A darker, more tortured Superman with a controversial or uncomfortable Messiah standing among much of the population – that’s a good way to go, as the only alternative is a cheesy, all-American hero trope and a Christopher Reeve rehash (which you can’t really do at the same time as you’re trying to do a dark, moody Batman).
This Superman as Messiah thing should’ve actually been expanded a little more: but, even as it is, I think it imparts something very thematically interesting to core of the film and, at the very least, gives this film a handful of genuinely great visual moments.
There are also moments or elements of grown-up-ness to the narrative too and attempts to touch on real-world issues and contemporary concerns – it doesn’t go far enough with any of this and seems content to merely hint at them and then back away; but those elements are there.
There’s also Wonder Woman. Which more or less just works as an intro for that character in this cinematic universe.

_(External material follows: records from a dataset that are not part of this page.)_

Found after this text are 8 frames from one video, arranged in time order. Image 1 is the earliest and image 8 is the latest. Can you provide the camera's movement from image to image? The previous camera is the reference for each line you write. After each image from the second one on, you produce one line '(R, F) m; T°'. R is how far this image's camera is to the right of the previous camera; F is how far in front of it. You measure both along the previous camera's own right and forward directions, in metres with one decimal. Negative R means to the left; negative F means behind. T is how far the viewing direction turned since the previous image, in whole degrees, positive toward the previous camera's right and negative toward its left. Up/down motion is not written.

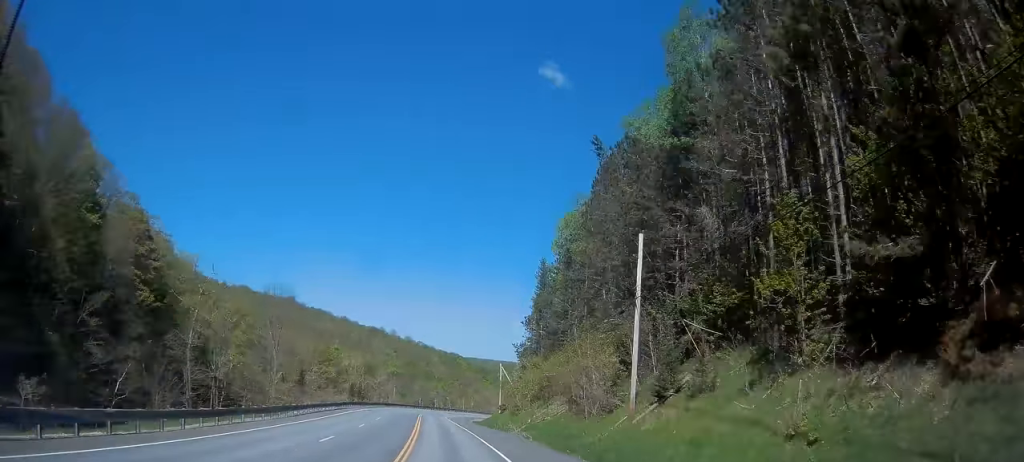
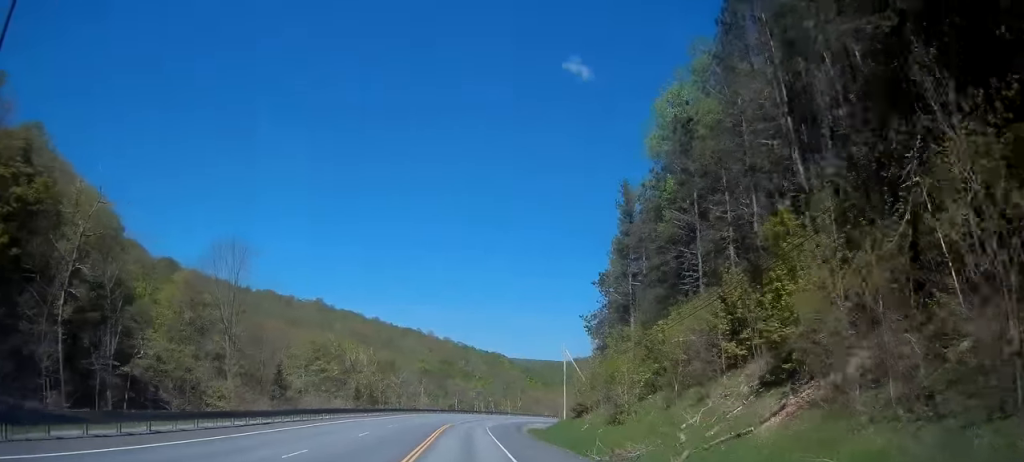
(-1.3, +30.8) m; -5°
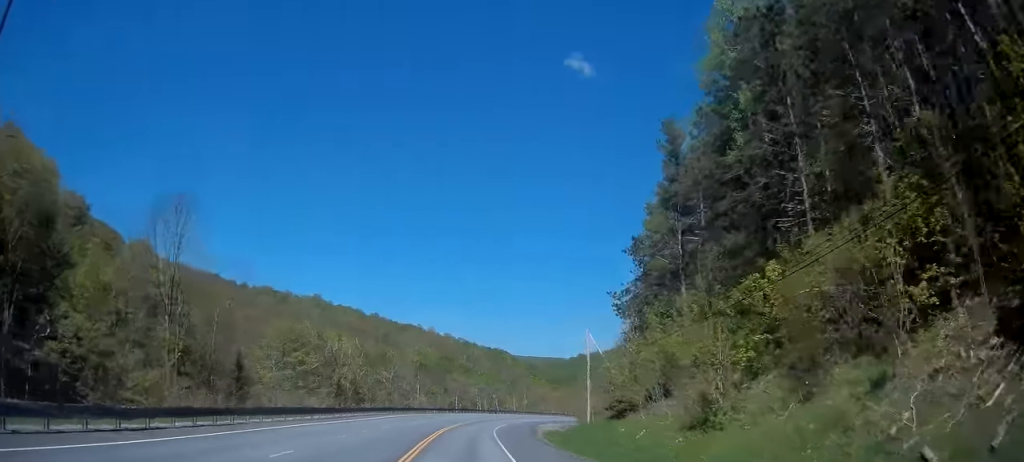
(-0.3, +13.6) m; -1°
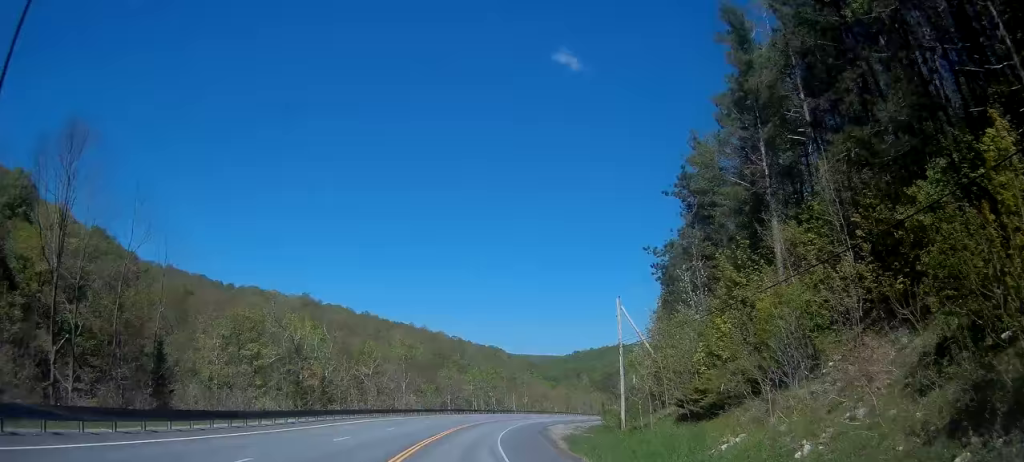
(0.0, +15.0) m; 0°
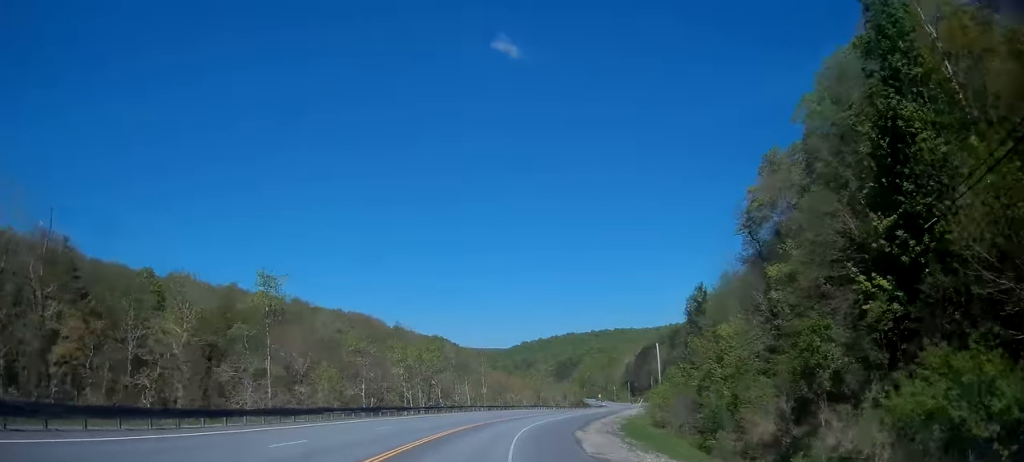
(+1.9, +44.0) m; +6°
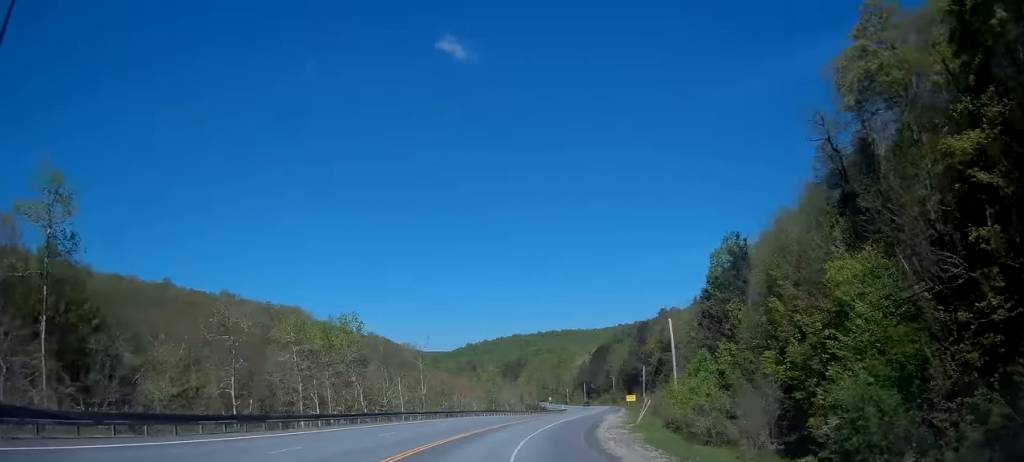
(+0.8, +24.3) m; +5°
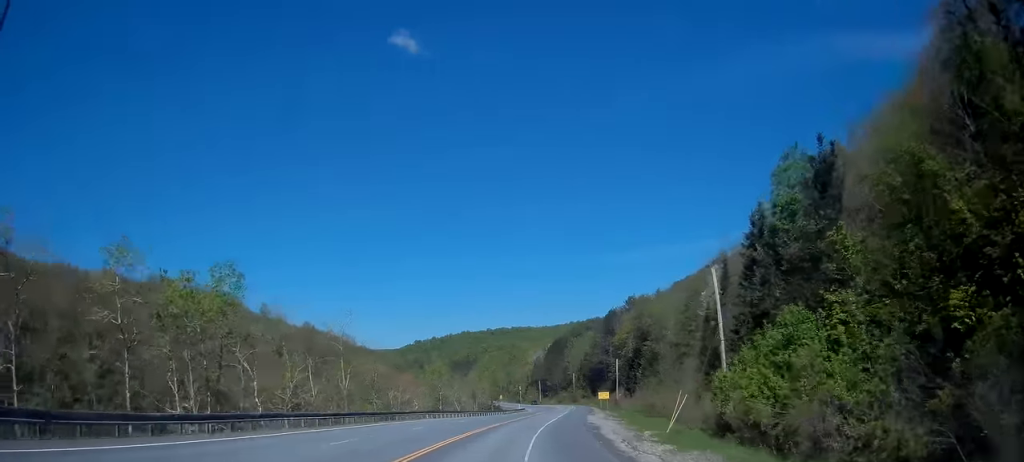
(+1.0, +20.1) m; +6°
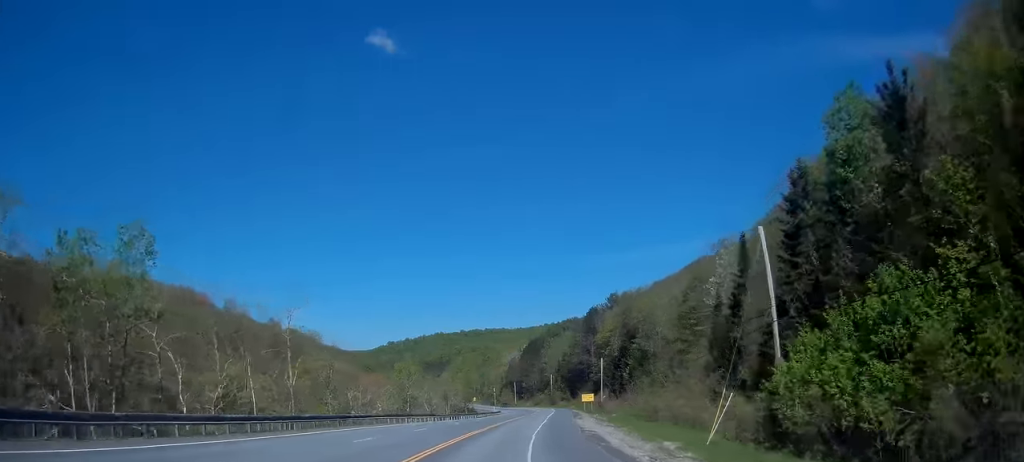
(+0.1, +9.3) m; +3°

And in fact I’m not embarrassed to admit that that climactic moment in the big CGI finale, where she makes her appearance and joins the battle was genuinely a ‘fuck yeah’ moment. Maybe it was because so much of the film was so lacking in feeling or energy that we really needed something like that.
But actually, no, I genuinely think that was a really cool superhero entrance: cheesy as it was.
The way we got our real-time intro to Diana Prince in BvS – and then got her backstory film later – also worked really well; and is in fact a rare example of the DC Cinematic Universe having some good planning/sequencing.
Also, I really liked Jesse Eisenberg as Lex Luthor. I will in fact go further and say this is the best, most interesting, interpretation of Luthor I’ve seen to date in film or television.
And I’m not a fan of Lex Luthor in general – I think he’s a dull, overrated and over-used villain. But Eisenberg’s young version of Luthor is genuinely interesting and enjoyable to watch. I like that he’s a little unhinged, a little quirky and odd-mannered. It brings something fresher to what could otherwise be a stale, tired formula.
Any version of Lex Luthor I’ve ever seen on read in all the various incarnations (including even the Young Justice: Invasion animated series) has been the same dull, tired villain: what we’ve got with Eisenberg here is genuinely new life being breathed into a tired cliche, and I think there’s significant potential with him for future films.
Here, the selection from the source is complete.